27 Sep 2020 15:32 GMT
This has been an interesting week that I mostly can't talk about. I have been working on something that hasn't yet launched. In the meantime, here are a few things that happened that I can talk about.
The week started with Elise and I working on improving the code she has written to collect and integrate data for her dashboard on Parliamentary activities.
You might be surprised by how much work it takes to pull this data together. Elise has done an amazing job. The data comes from a combination of public APIs, automated use of internal search tools, and webscraping data that is not otherwise published as a structured dataset.
Combining data from such a varied range of sources is not easy. In many cases the data lacks unique identifiers, so there is no option but to join datasets by normalising names, then using fuzzy string matching, and then manually checking cases where the join failed. With such a potentially error prone process we want to be sure the code is robust and that we have a thorough understanding of all the potential sources of error in the underlying data.
We are working towards making it easier to use these data sources.
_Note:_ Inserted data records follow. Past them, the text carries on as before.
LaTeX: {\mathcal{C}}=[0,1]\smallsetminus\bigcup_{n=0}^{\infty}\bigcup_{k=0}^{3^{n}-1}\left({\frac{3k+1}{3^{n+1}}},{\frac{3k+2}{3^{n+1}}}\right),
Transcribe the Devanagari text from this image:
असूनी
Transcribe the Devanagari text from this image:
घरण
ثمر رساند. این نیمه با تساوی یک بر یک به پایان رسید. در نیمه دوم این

We have encapsulated some of our routine data processing tasks in packages like clcommittees and Noel's parlygroups package. But there are a number of data sources for which we still need to build tools to use efficiently. And until the data platform is fully restored and renewed, linking these datasets will always be problematic.
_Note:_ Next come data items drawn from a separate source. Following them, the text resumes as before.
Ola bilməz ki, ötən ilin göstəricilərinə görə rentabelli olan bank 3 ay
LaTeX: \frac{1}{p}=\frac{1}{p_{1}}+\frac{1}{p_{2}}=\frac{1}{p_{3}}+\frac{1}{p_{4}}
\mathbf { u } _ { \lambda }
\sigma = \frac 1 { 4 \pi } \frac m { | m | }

On Wednesday, Anya and I met with Chris, head of the Library's Parliament and Constitution Centre, to take forward his idea for a regular meet-up of Parliamentary data users within the Library. The idea is that if we can learn a bit more about what we each need most urgently, we can identify which work to prioritise. The first full meeting of the group will be in October.
This week, one of our researchers ran into a data wrangling problem that has come up a couple of times before, so I am going to post the best solution I have found so far.
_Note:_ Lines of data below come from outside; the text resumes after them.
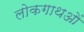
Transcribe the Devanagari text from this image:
लोकगाथओं
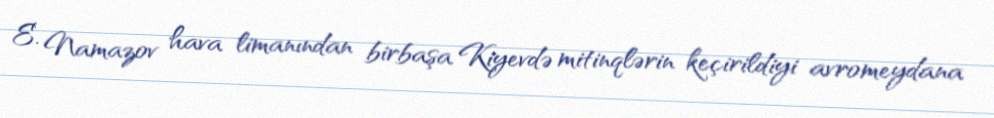
E. Namazov hava limanından birbaşa Kiyevdə mitinqlərin keçirildiyi avromeydana
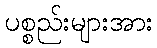
ပစ္စည်းများအား
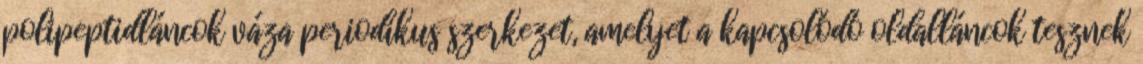
polipeptidláncok váza periodikus szerkezet, amelyet a kapcsolódó oldalláncok tesznek
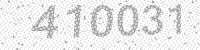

Suppose you have some address level data, where the address itself is stored in a free text field. For each record, you need to extract the postcode from the address text and use it to link the data to the ONS postcode directory, so that you can aggregate the data to a higher-level geography, like a constituency.
The best way I have found to do this in R is to use string_extract on the address text with the following regular expression.
# Import stringr
# Greedy regular expression for postcodes
POSTCODE_REGEXP <- str_c(
# Extract the first matching postcode in each address
df$postcode <- str_extract(df$address, POSTCODE_REGEXP)
This regular expression will match postcodes even if they are missing the space separating the outward and inward parts, so it will still catch postcodes that have been misrecorded in this way. Consequently, if you remove any spaces from inside the postcodes in both datasets when you perform the join (create new columns for joining if you want to preserve the original data), then you get a higher match rate when linking the data.
Note that the above code only looks for the first matching postcode in an address, so you may want to double check there is only one postcode per address with string_extract_all before relying on this strategy.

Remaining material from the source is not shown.